# TASK TO CARRY OUT
Beginning with the line that contains "Frame acquired 4.4 s after image 1.", write out each remaining line of the records below exactly. Do not copy any picture.

# Saved entries
************

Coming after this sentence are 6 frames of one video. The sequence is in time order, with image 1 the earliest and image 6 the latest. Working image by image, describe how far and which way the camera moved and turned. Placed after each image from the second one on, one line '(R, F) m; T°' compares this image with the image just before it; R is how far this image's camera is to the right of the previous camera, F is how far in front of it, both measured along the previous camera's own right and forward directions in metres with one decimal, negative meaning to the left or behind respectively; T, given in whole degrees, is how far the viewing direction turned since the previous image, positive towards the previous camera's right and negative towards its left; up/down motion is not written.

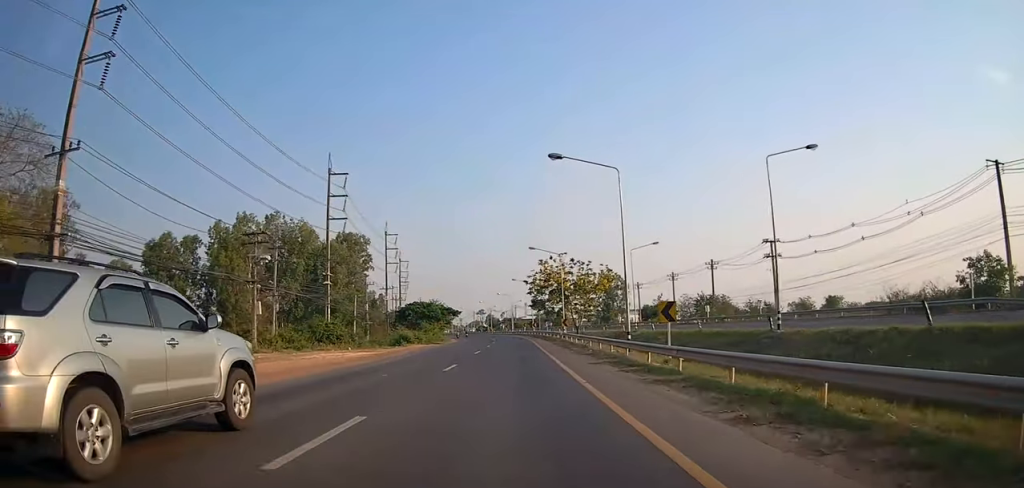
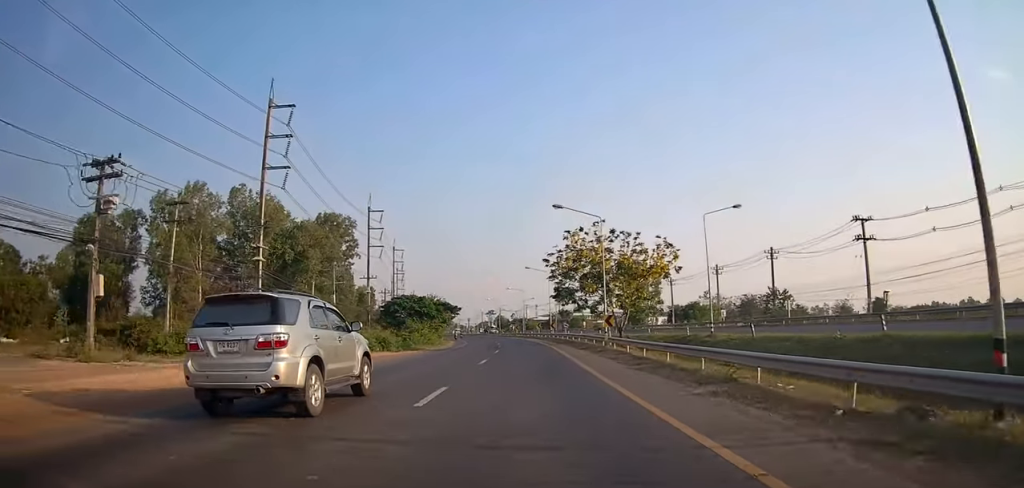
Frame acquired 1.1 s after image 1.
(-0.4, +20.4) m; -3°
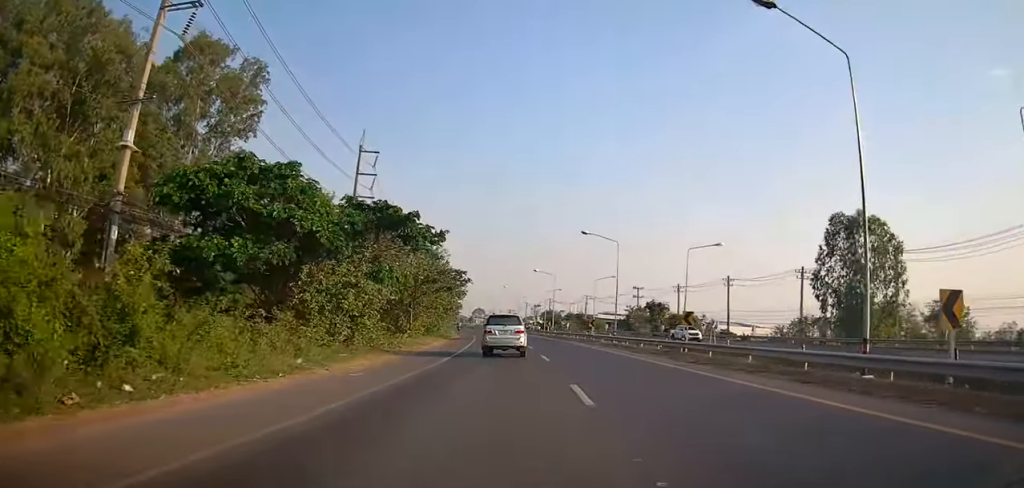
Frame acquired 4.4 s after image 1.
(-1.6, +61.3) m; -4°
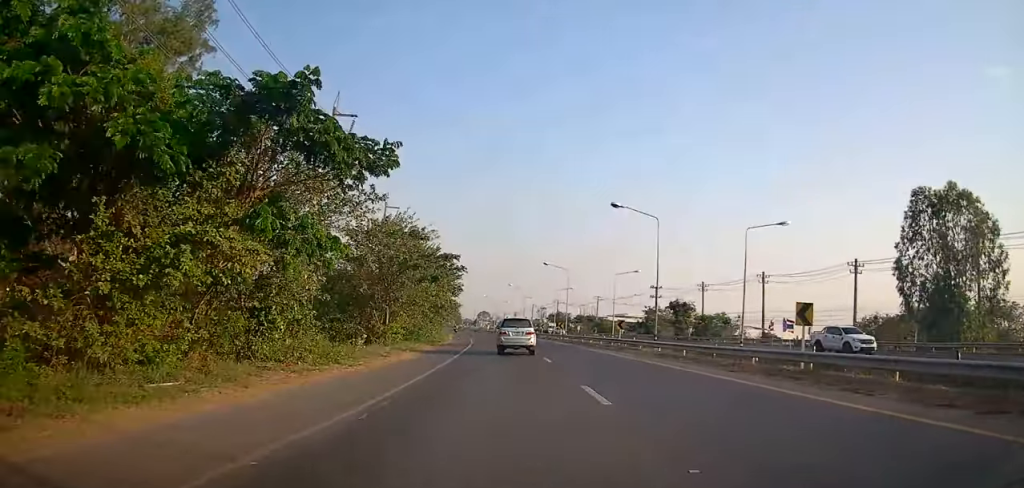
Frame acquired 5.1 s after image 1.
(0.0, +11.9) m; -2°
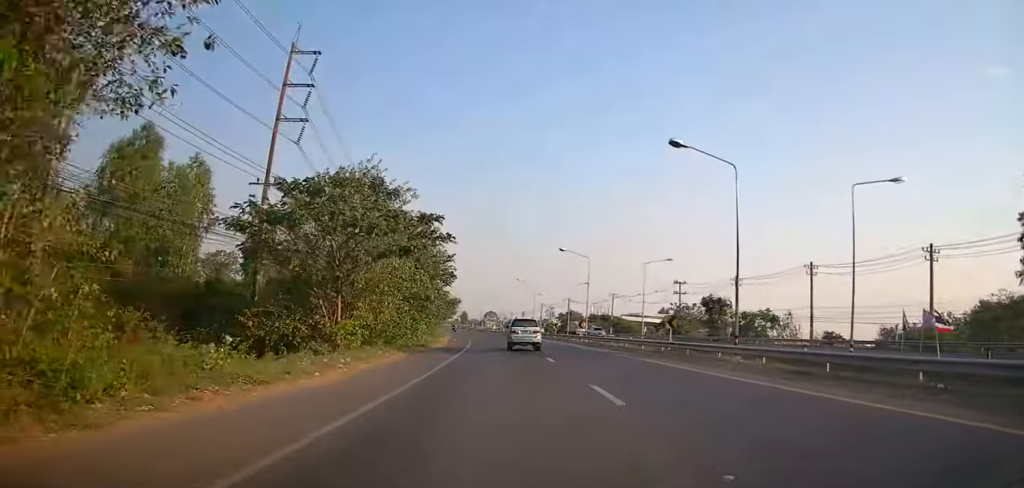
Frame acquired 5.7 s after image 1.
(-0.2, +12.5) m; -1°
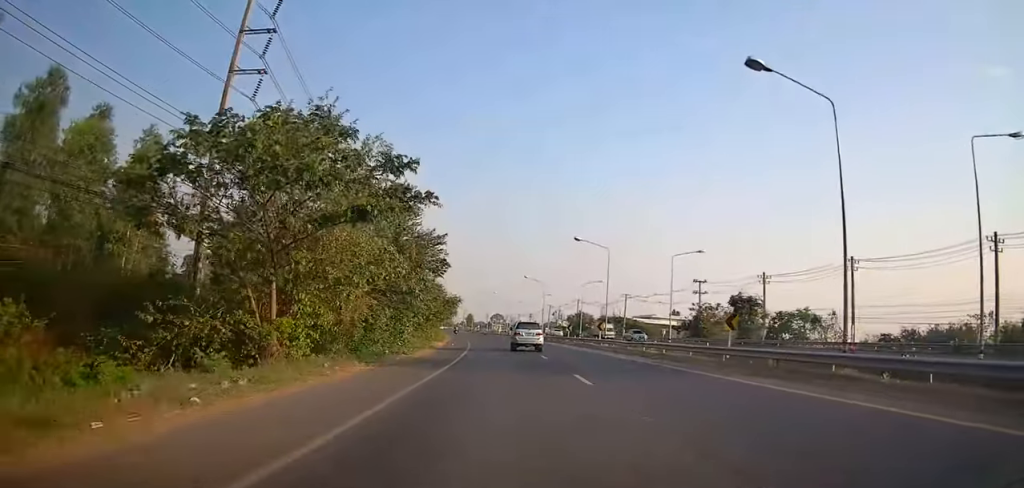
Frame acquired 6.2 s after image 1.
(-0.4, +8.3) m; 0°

************

# RESULT OF THIS TASK
Frame acquired 4.4 s after image 1.
(-1.6, +61.3) m; -4°
Frame acquired 5.1 s after image 1.
(0.0, +11.9) m; -2°
Frame acquired 5.7 s after image 1.
(-0.2, +12.5) m; -1°
Frame acquired 6.2 s after image 1.
(-0.4, +8.3) m; 0°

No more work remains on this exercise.